> _Task_
Your answer should consist of the lines in the following data that contain "Pulmonary".

-- Opening Marker --

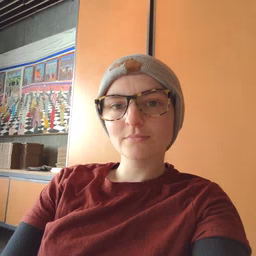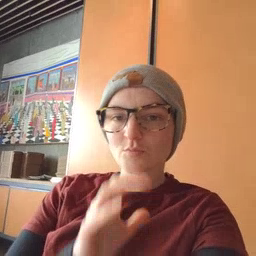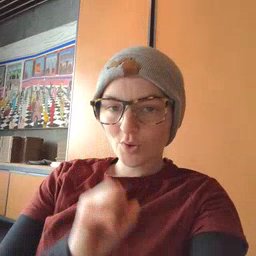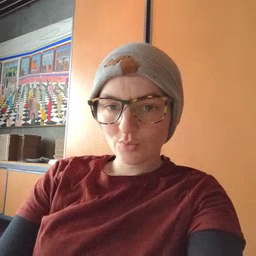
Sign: old
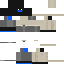
A male skeleton skin with dark skin, wearing brown helmet dressed in a blue armor chest and blue pants, featuring a closed mouth.
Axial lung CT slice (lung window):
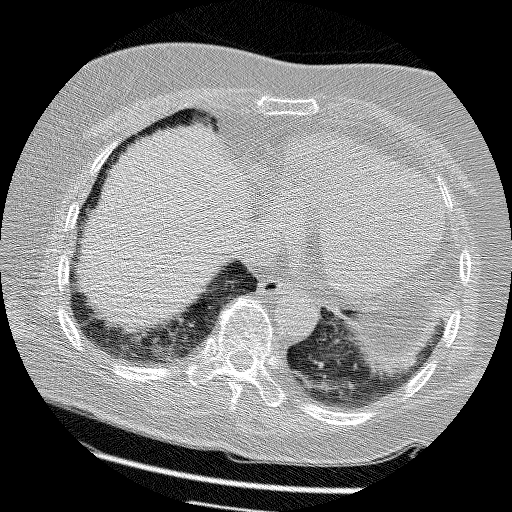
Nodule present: no
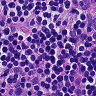
Metastatic tissue present: no
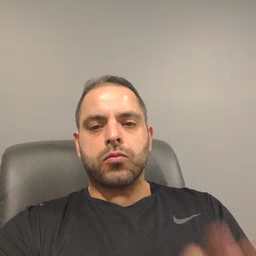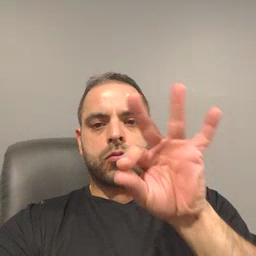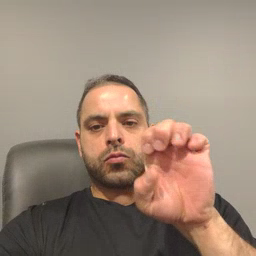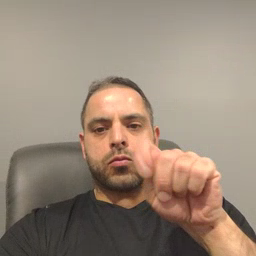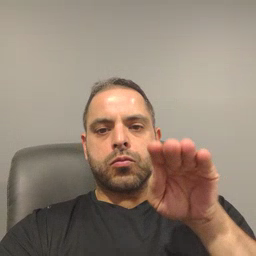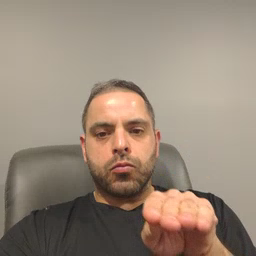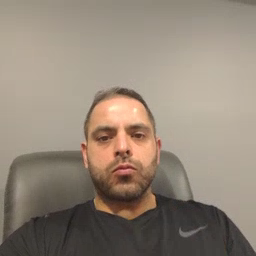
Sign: feet
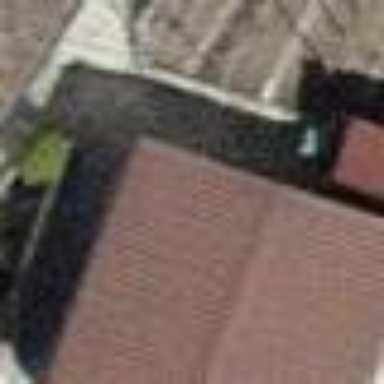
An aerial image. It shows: Building with tile roof.
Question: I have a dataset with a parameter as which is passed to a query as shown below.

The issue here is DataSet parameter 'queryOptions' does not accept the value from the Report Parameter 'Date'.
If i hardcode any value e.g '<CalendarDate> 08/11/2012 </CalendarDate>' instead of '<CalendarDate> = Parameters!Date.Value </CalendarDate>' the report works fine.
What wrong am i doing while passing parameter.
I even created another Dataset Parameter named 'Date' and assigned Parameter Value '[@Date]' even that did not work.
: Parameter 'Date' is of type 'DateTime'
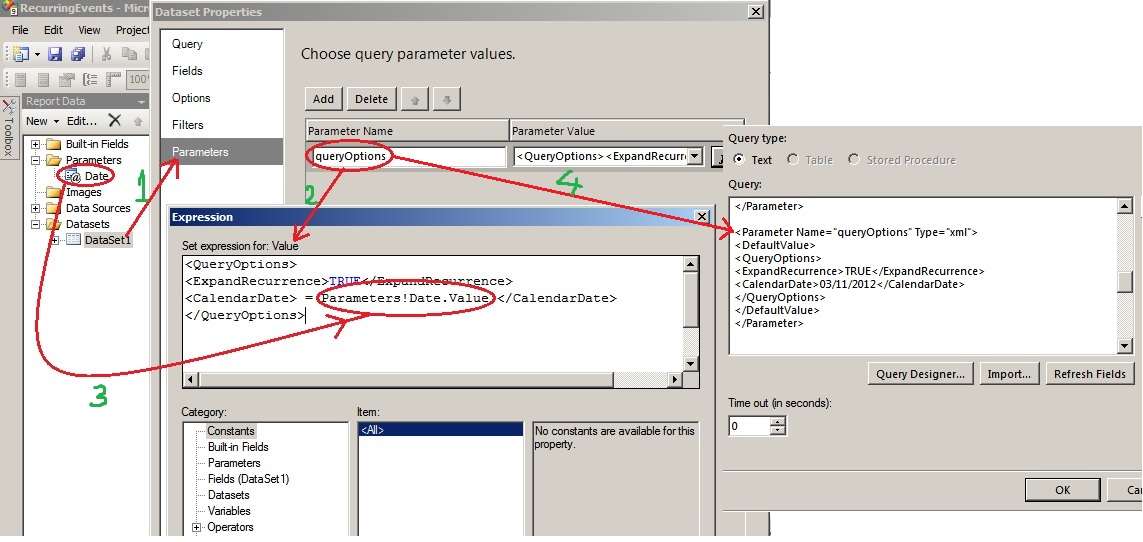
Answer: Ok i got this working!
1. I created a new Parameters in the Parameters folder as Date and queryOptions.So basically queryOptions is everything that i want to use as a query.
2. Then another queryOption parameter is created under Dataset Properties>>Parameters.
3. Set value of queryOptions(Step 2) to <URL>.
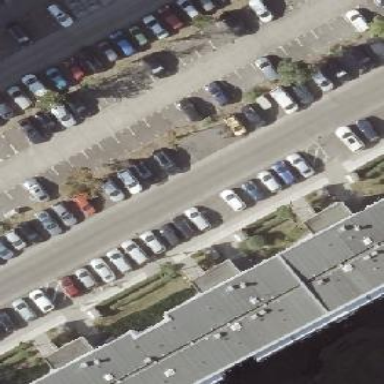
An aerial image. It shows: Street-side parking area.
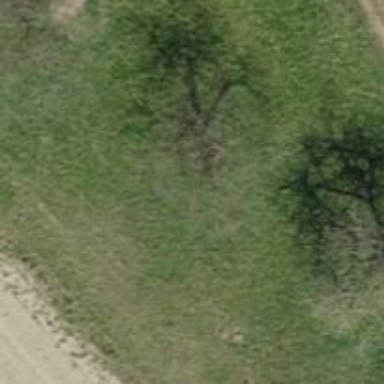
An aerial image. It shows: Deciduous broadleaved tree.
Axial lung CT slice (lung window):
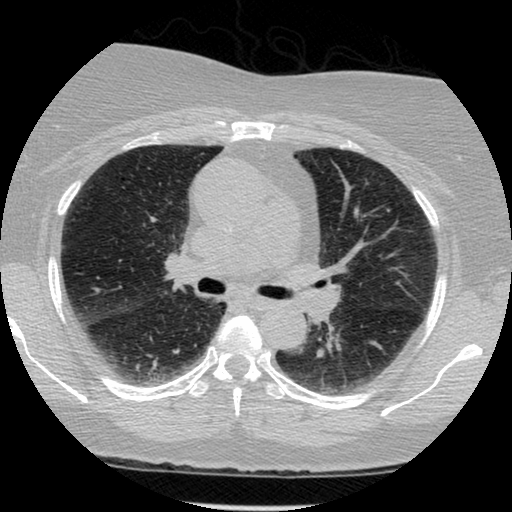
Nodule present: no
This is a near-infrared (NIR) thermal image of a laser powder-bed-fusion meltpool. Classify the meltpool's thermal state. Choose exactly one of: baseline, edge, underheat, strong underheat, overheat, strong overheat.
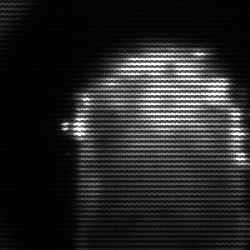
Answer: baseline
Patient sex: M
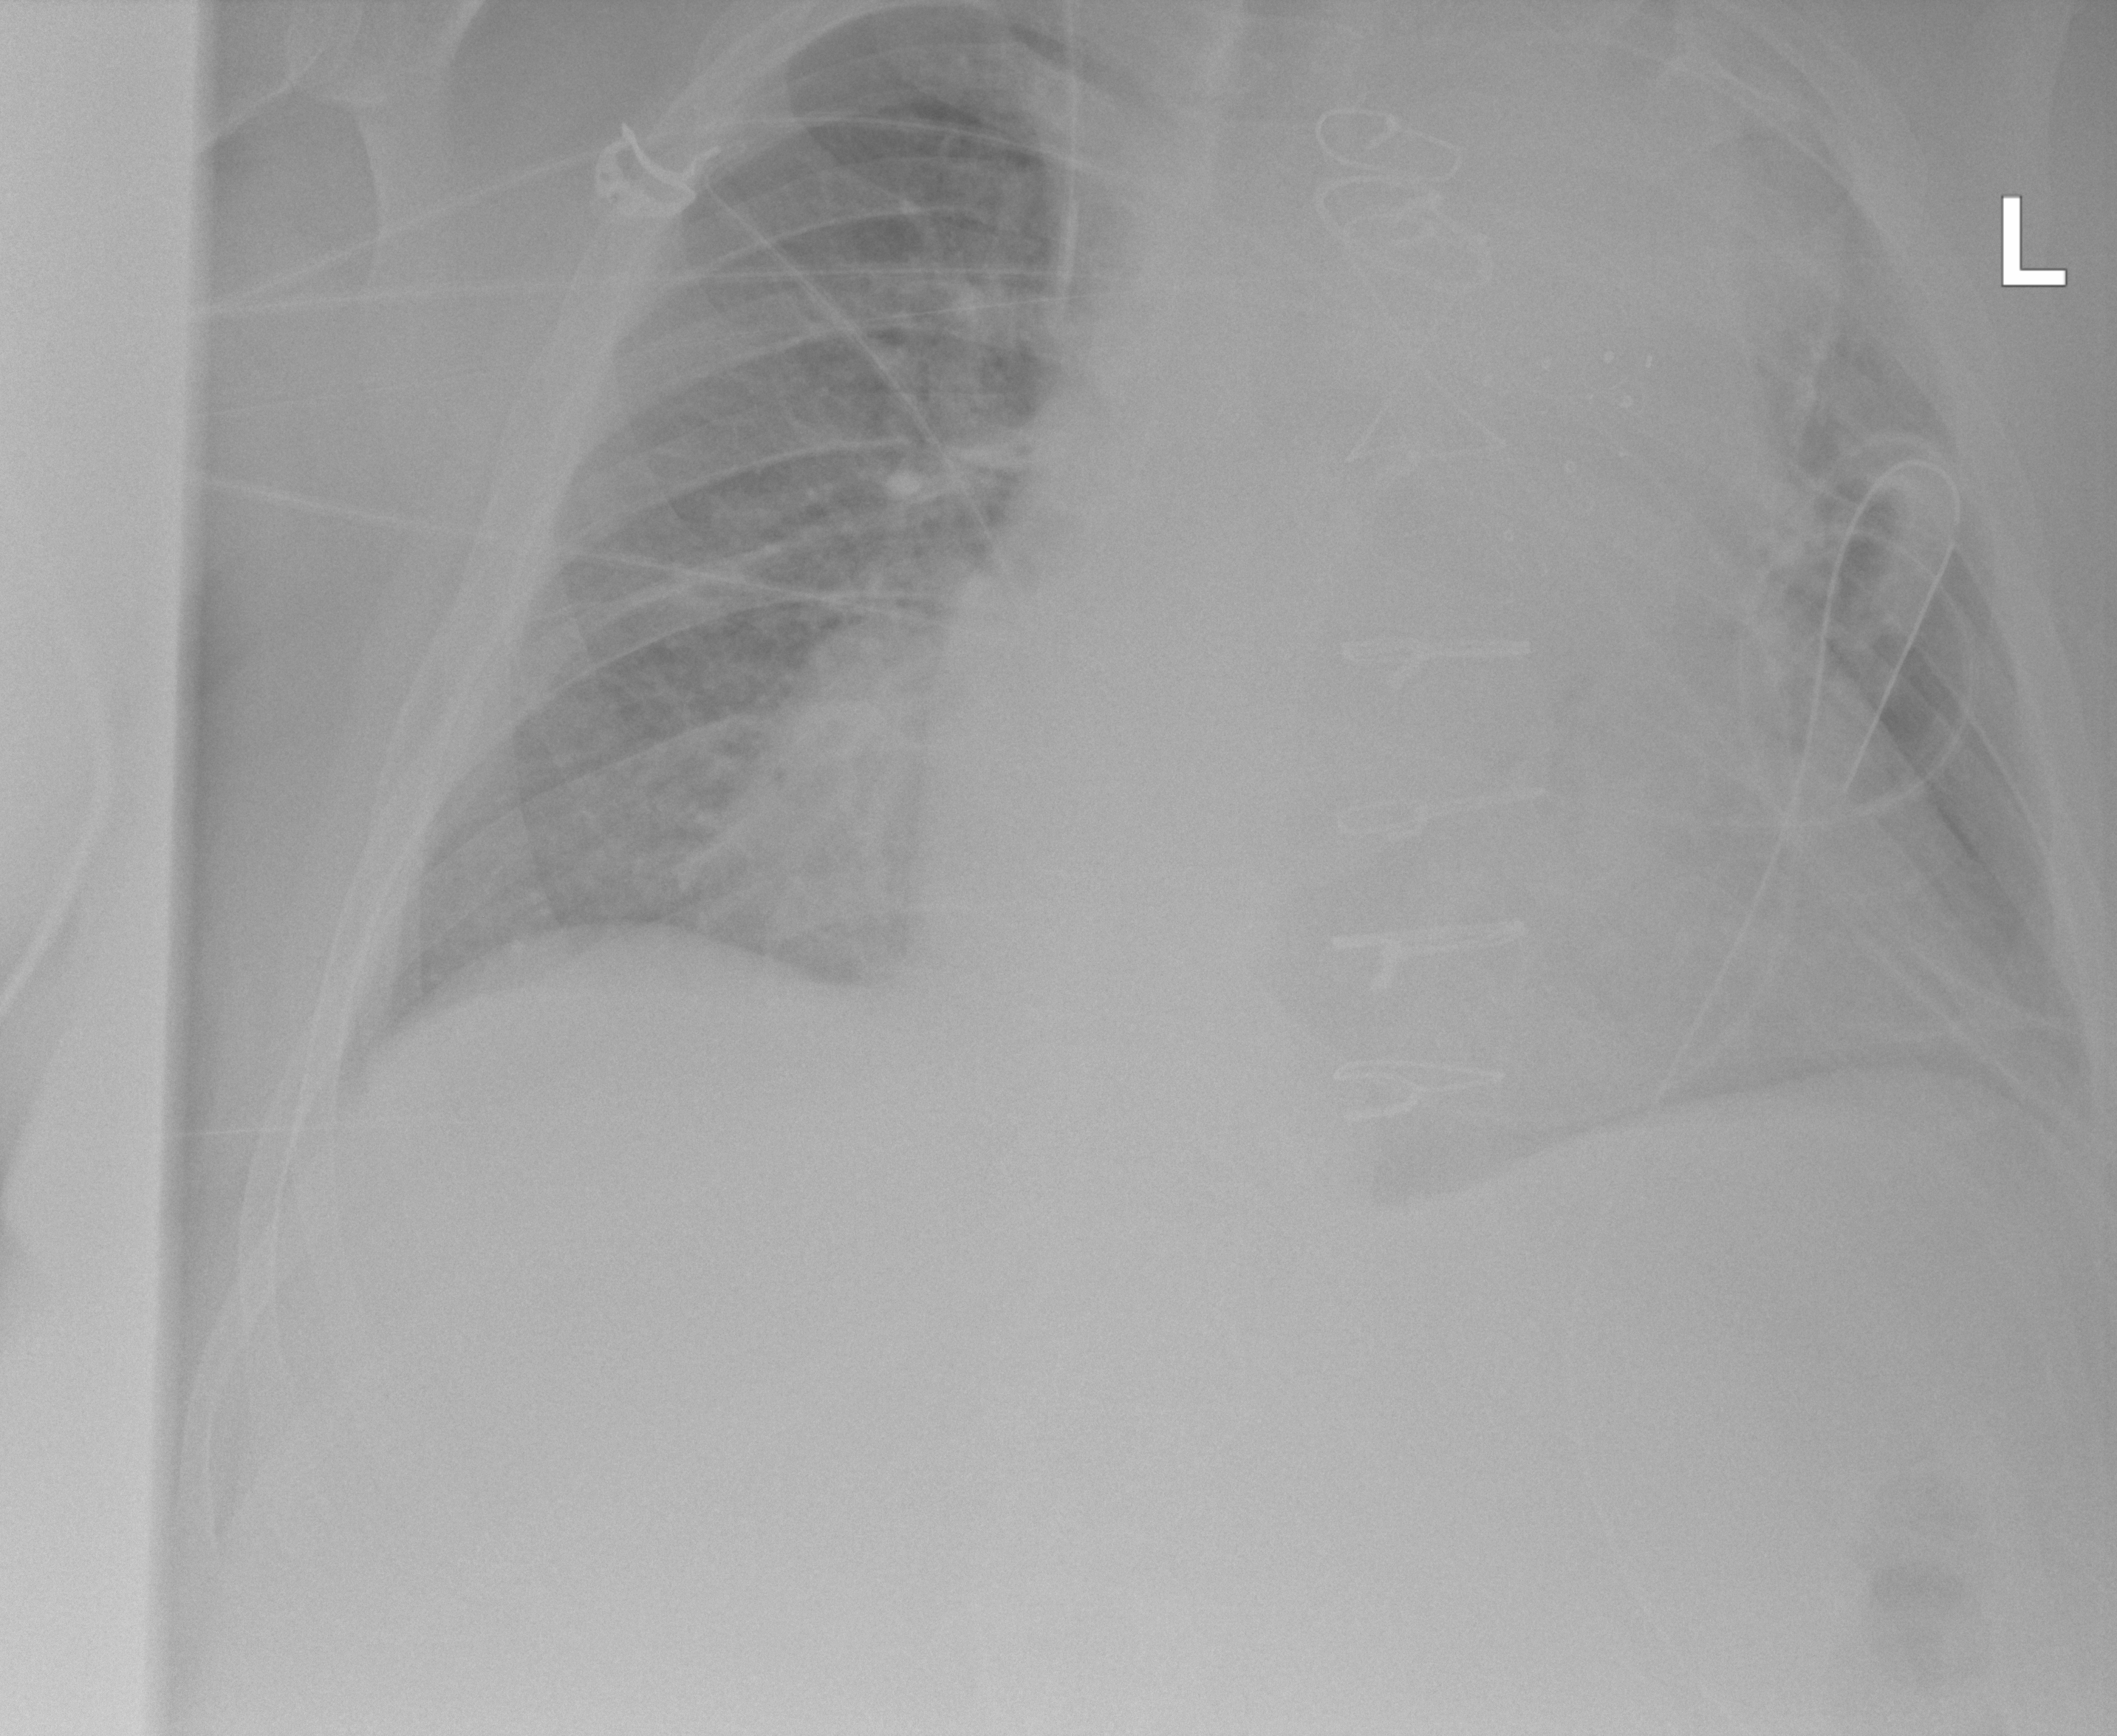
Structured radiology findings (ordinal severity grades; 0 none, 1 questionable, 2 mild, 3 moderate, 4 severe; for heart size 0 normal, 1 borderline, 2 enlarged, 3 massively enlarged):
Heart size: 1
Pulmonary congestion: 2
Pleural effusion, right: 0
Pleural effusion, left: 0
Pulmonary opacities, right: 1
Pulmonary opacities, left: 2
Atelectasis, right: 2
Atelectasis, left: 3

-- Closing Marker --

> _Result below_
Pulmonary congestion: 2
Pulmonary opacities, right: 1
Pulmonary opacities, left: 2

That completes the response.